Exercise>
Below are the records. Retype exactly the lines between the lines holding "value: 46.99" and "value: $30.07", inclusive.

Input data>
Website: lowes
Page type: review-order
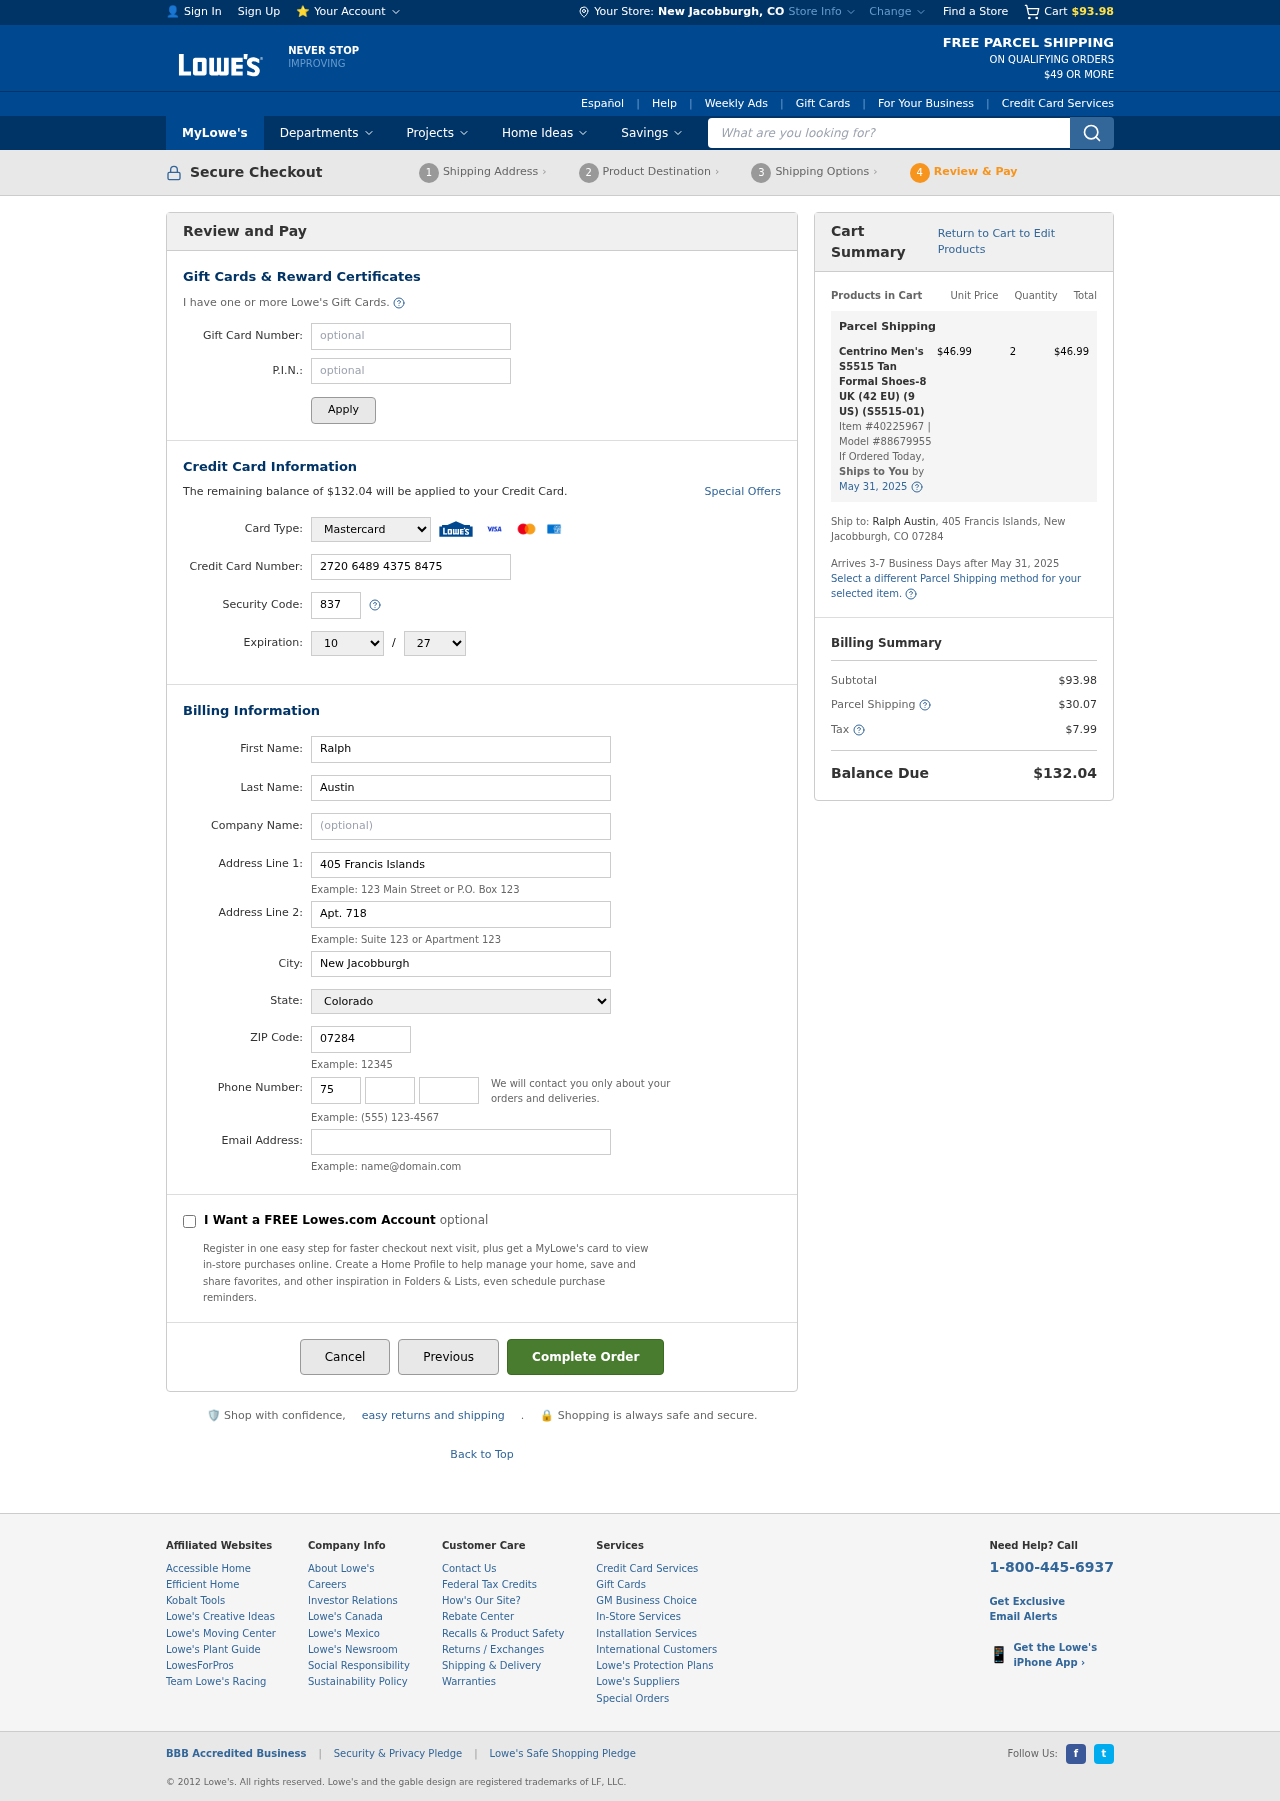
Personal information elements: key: PII_CARD_CVV
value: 837
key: PII_CARD_EXPIRY_MONTH
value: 10
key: PII_CARD_EXPIRY_YEAR
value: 27
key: PII_CARD_NUMBER
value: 2720 6489 4375 8475
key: PII_CARD_TYPE
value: Mastercard
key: PII_CITY
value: New Jacobburgh
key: PII_CITY_STATE
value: New Jacobburgh, CO
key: PII_EMAIL
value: raustin@hotmail.com
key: PII_FIRSTNAME
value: Ralph
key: PII_LASTNAME
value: Austin
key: PII_PHONE_AREA
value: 758
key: PII_PHONE_PREFIX
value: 880
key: PII_PHONE_SUFFIX
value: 9802
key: PII_POSTCODE
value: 07284
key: PII_STATE
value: Colorado
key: PII_STREET
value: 405 Francis Islands
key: PII_STREET2
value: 405 Francis Islands
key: PII_STREET2
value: Apt. 718
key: PII_FULLNAME2
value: Ralph Austin
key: PII_CITY_STATE_ZIP2
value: New Jacobburgh, CO 07284
Product elements: key: PRODUCT1_NAME
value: Centrino Men's S5515 Tan Formal Shoes-8 UK (42 EU) (9 US) (S5515-01)
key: PRODUCT1_PRICE
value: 46.99
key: PRODUCT1_QUANTITY
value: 2
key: PRODUCT1_ITEM_NUMBER
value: Item #40225967
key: PRODUCT1_MODEL_NUMBER
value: Model #88679955
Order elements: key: ORDER_SUBTOTAL
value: $93.98
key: ORDER_BALANCE_DUE
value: $132.04
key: ORDER_SHIPPING_DATE
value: May 31, 2025
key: ORDER_ITEM_TOTAL
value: $46.99
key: ORDER_SHIPPING_DATE2
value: May 31, 2025
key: ORDER_SHIPPING_COST
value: $30.07
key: ORDER_TAX
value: $7.99
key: ORDER_TOTAL
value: $132.04
Search elements: key: HEADER_SEARCH
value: What are you looking for?
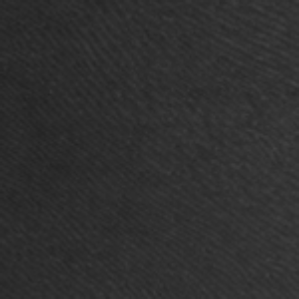
Label: frost
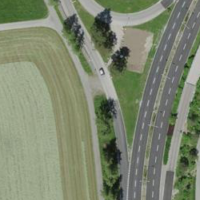
EUNIS habitat code: 25
Species observed at this site:
Larix decidua

Task answer>
value: 46.99
key: PRODUCT1_QUANTITY
value: 2
key: PRODUCT1_ITEM_NUMBER
value: Item #40225967
key: PRODUCT1_MODEL_NUMBER
value: Model #88679955
Order elements: key: ORDER_SUBTOTAL
value: $93.98
key: ORDER_BALANCE_DUE
value: $132.04
key: ORDER_SHIPPING_DATE
value: May 31, 2025
key: ORDER_ITEM_TOTAL
value: $46.99
key: ORDER_SHIPPING_DATE2
value: May 31, 2025
key: ORDER_SHIPPING_COST
value: $30.07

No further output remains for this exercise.